Call Sergi, Obiols Carme, Rami-Porta Ramon
Department of Thoracic Surgery, Hospital Universitari Mutua Terrassa, University of Barcelona, Terrassa, Spain.
Department of Morphological Sciences, School of Medicine, Autonomous University of Barcelona, Bellaterra, Spain.
J Thorac Dis. 2018 Aug;10(Suppl 22):S2601-S2610. doi: 10.21037/jtd.2018.03.183.
Preoperative mediastinal staging is crucial in the management of patients with non-small cell lung cancer (NSCLC), especially to define prognosis and the most proper treatment. To obtain the highest certainty level before lung resection, the current American and European guidelines for preoperative mediastinal nodal staging for NSCLC recommend getting tissue confirmation of regional nodal spread in all cases except in patients with small (≤3 cm) peripheral carcinomas with no evidence of nodal involvement on computed tomography (CT) and positron emission tomography (PET). We have a wide variety of surgical methods for mediastinal staging that are well integrated in the current preoperative algorithms. Their main indication is the validation of negative results obtained by minimally invasive endoscopic techniques. However, recent studies have reported the superiority of mediastinoscopy over endosonography methods in terms of accuracy for those tumours classified as clinical (c) N0-1 by CT and PET or with intermediate risk of N2 disease (cN1 and central tumours). Apart from the exploration of the mediastinum, other surgical procedures [parasternal mediastinotomy, extended cervical mediastinoscopy (ECM) and video-assisted thoracoscopic surgery (VATS)] allow the completion of the staging process with the assessment of the primary tumour and metastasis, exploring the lung, pleural cavity, and pericardium when it is required. Transcervical lymphadenectomies represent the evolution of mediastinoscopy and they are already considered the most reliable method for mediastinal staging, mainly in the subgroup of patients in whom endosonography methods have a low sensitivity: tumours with normal mediastinum by CT and PET. In addition to their indication for staging, these procedures have also demonstrated to be feasible as preresectional lymphadenectomy in VATS lobectomy, improving the radicality of the number of lymph nodes and lymph node stations explored, mostly for left-sided tumours for which a complete mediastinal nodal dissection is not always possible by VATS approach.

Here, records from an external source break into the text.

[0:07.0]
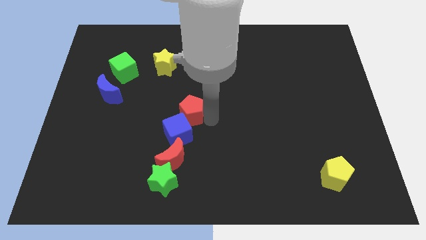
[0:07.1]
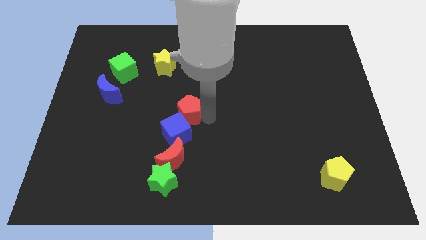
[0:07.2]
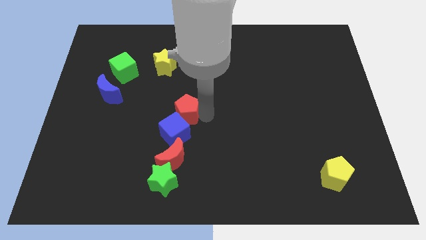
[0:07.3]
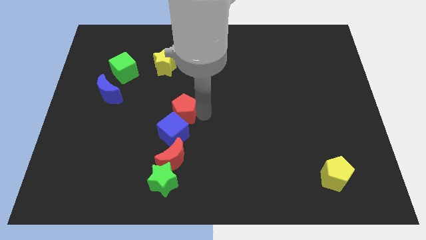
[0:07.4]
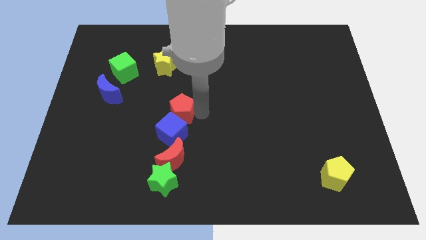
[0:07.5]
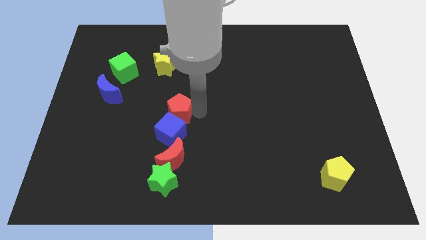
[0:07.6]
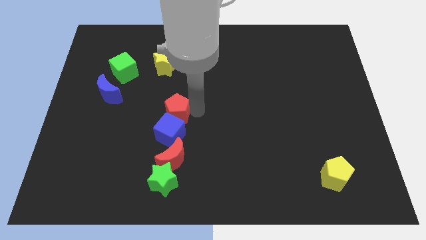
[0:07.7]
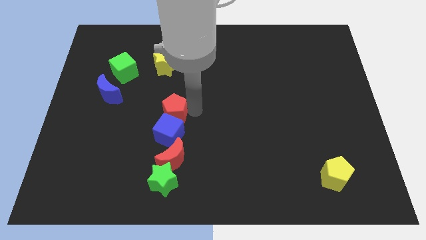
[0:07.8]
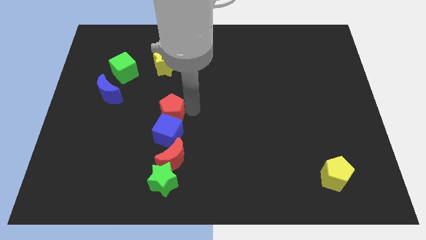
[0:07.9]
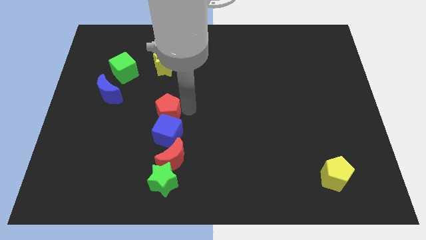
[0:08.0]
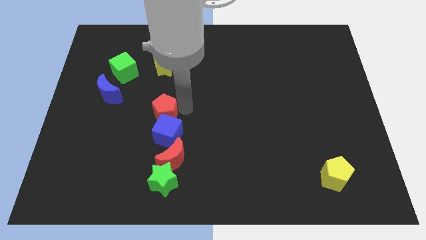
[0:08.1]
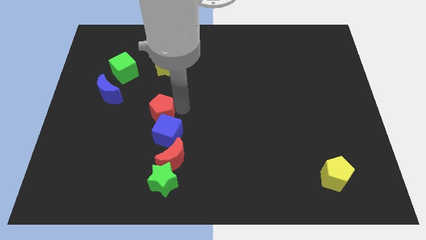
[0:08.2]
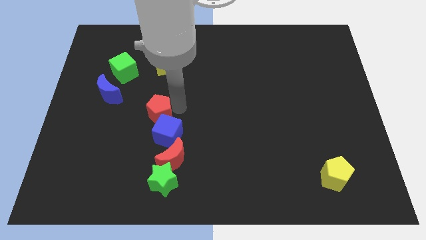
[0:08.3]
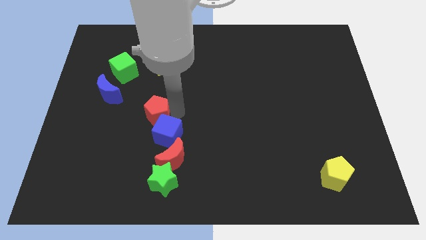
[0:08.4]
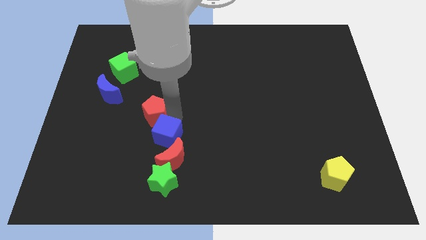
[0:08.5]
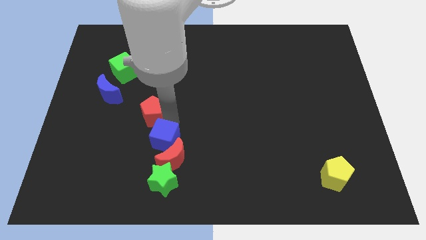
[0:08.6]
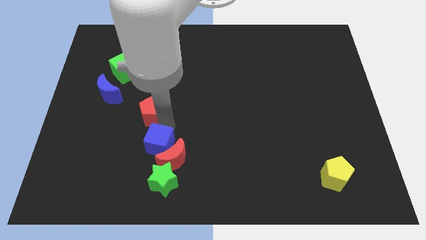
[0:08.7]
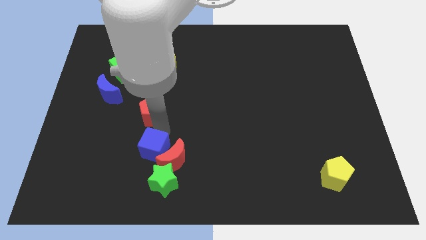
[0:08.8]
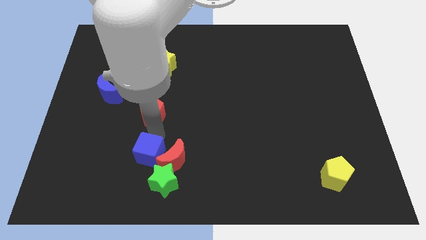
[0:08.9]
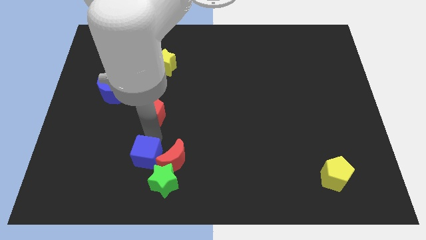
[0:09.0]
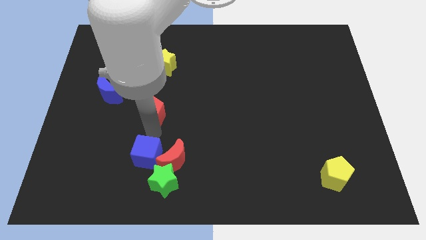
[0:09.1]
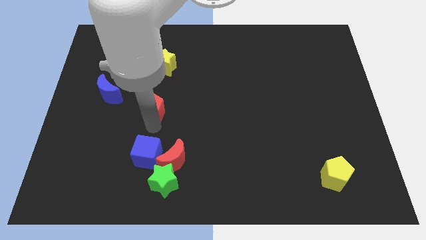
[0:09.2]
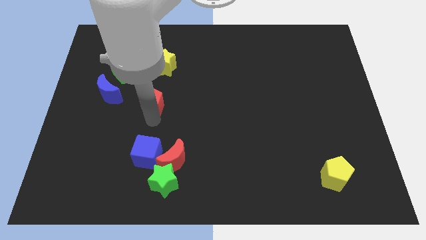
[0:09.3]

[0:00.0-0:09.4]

术前纵隔分期对于非小细胞肺癌(NSCLC)患者的治疗至关重要,尤其是在确定预后和最恰当的治疗方案方面。为了在肺切除术前获得最高的确定性水平,当前美国和欧洲关于NSCLC术前纵隔淋巴结分期的指南建议,除了那些直径≤3 cm、外周型、计算机断层扫描(CT)和正电子发射断层扫描(PET)均无淋巴结受累证据的小癌患者外,所有病例均需获得区域淋巴结转移的组织学证实。我们有多种用于纵隔分期的手术方法,这些方法已很好地整合到当前的术前算法中。其主要适应证是验证通过微创内镜技术获得的阴性结果。然而,最近的研究报告称,对于CT和PET分类为临床(c)N0-1或N2疾病中度风险(cN1和中央型肿瘤)的肿瘤,纵隔镜检查在准确性方面优于超声内镜检查方法。除了纵隔探查外,其他手术操作[胸骨旁纵隔切开术、扩大颈部纵隔镜检查(ECM)和电视辅助胸腔镜手术(VATS)]可通过评估原发肿瘤和转移灶来完成分期过程,必要时可探查肺、胸腔和心包。经颈淋巴结清扫术是纵隔镜检查的发展,目前已被认为是纵隔分期最可靠的方法,主要用于超声内镜检查方法敏感性较低的患者亚组:CT和PET显示纵隔正常的肿瘤。除了用于分期外,这些操作还已证明在VATS肺叶切除术中作为术前淋巴结清扫是可行的,可提高探查的淋巴结数量和淋巴结站的根治性,主要适用于左侧肿瘤,对于这些肿瘤,通过VATS方法并不总是能够进行完整的纵隔淋巴结清扫。